Task to carry out: Word for word, return each entry that follows, with every image removed.

Material provided:
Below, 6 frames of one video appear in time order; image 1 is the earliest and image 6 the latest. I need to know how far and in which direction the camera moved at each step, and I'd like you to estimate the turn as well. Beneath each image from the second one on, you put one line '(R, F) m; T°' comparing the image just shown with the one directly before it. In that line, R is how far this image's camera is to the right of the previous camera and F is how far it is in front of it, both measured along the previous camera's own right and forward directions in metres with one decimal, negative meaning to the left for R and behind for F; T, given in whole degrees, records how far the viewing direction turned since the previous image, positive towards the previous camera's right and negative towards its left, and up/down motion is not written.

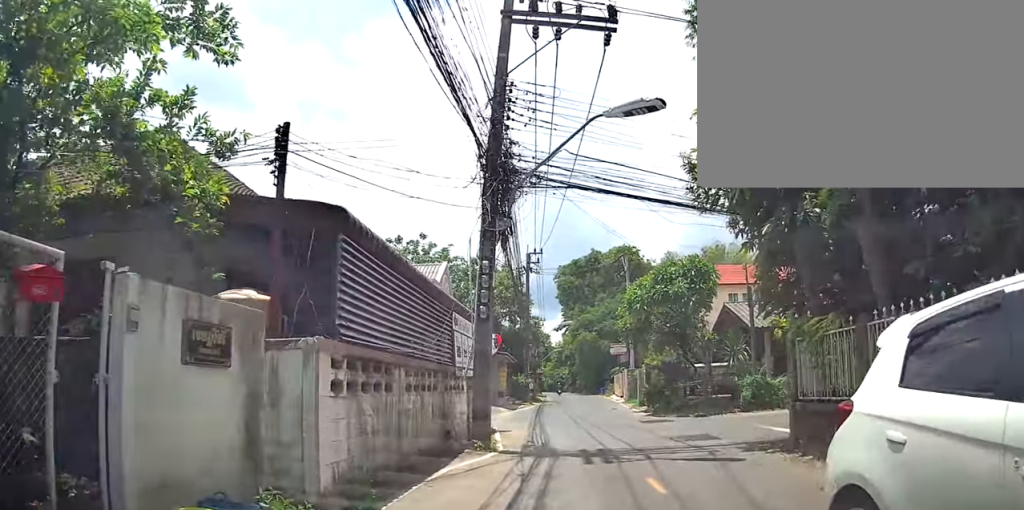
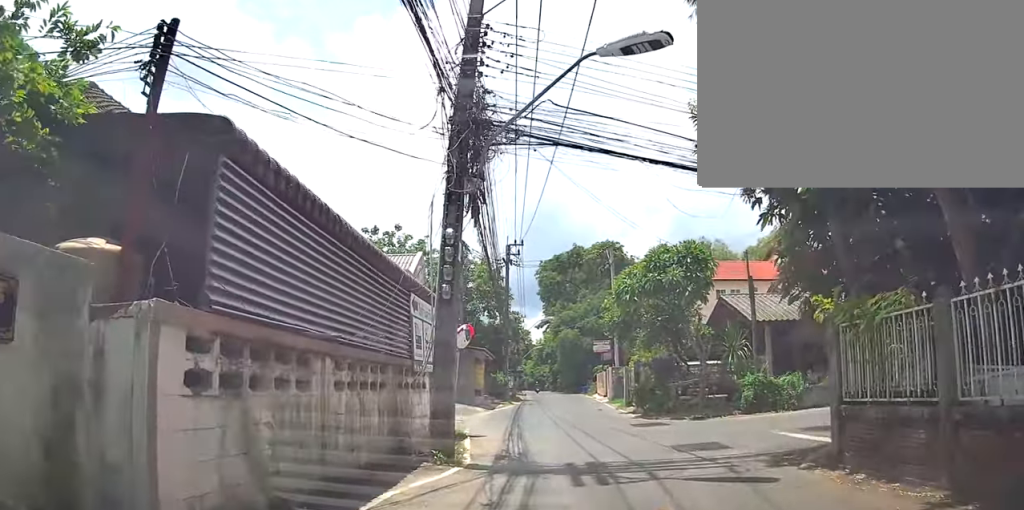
(0.0, +2.3) m; -1°
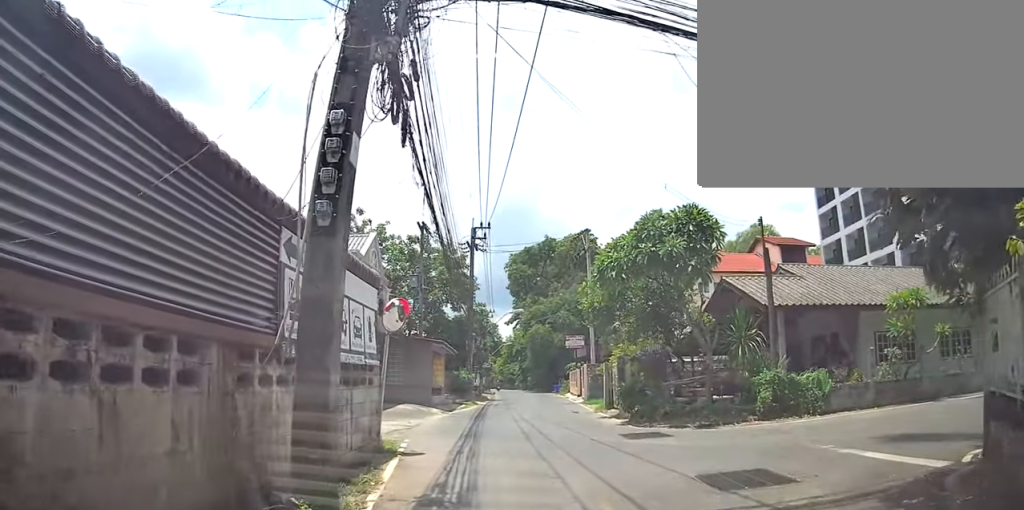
(-0.1, +4.8) m; -8°
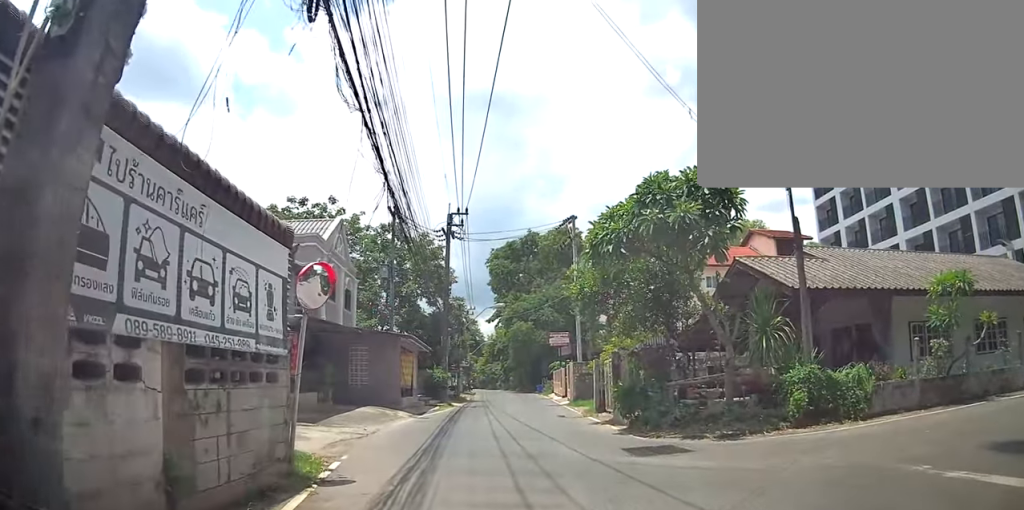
(-0.4, +5.1) m; -13°
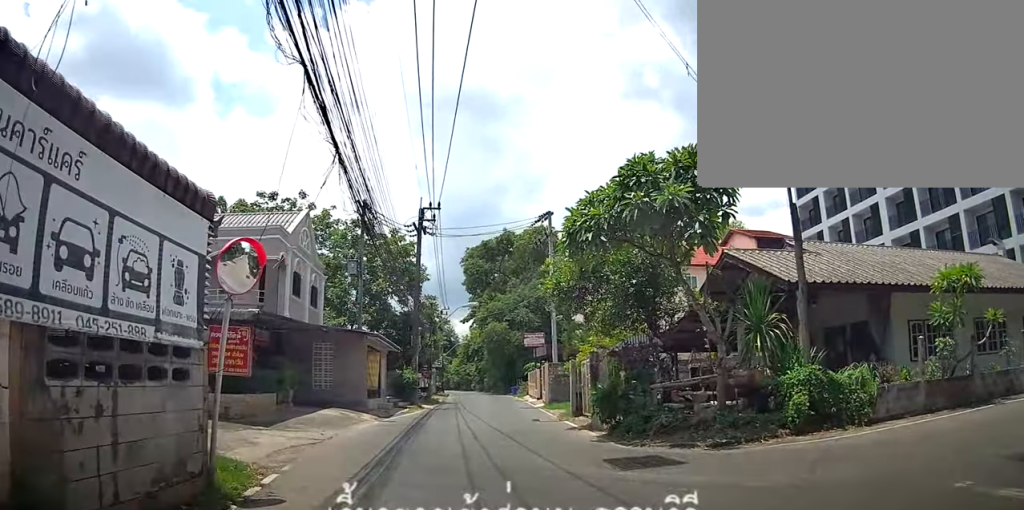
(-0.4, +3.3) m; -6°
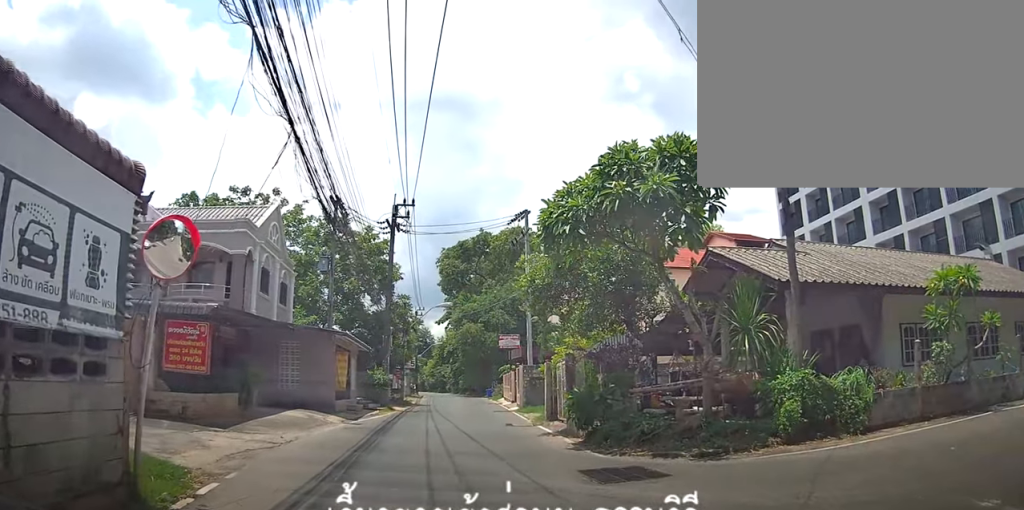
(-0.1, +3.0) m; -3°

The completed task:
Below, 6 frames of one video appear in time order; image 1 is the earliest and image 6 the latest. I need to know how far and in which direction the camera moved at each step, and I'd like you to estimate the turn as well. Beneath each image from the second one on, you put one line '(R, F) m; T°' comparing the image just shown with the one directly before it. In that line, R is how far this image's camera is to the right of the previous camera and F is how far it is in front of it, both measured along the previous camera's own right and forward directions in metres with one decimal, negative meaning to the left for R and behind for F; T, given in whole degrees, records how far the viewing direction turned since the previous image, positive towards the previous camera's right and negative towards its left, and up/down motion is not written.

(0.0, +2.3) m; -1°
(-0.1, +4.8) m; -8°
(-0.4, +5.1) m; -13°
(-0.4, +3.3) m; -6°
(-0.1, +3.0) m; -3°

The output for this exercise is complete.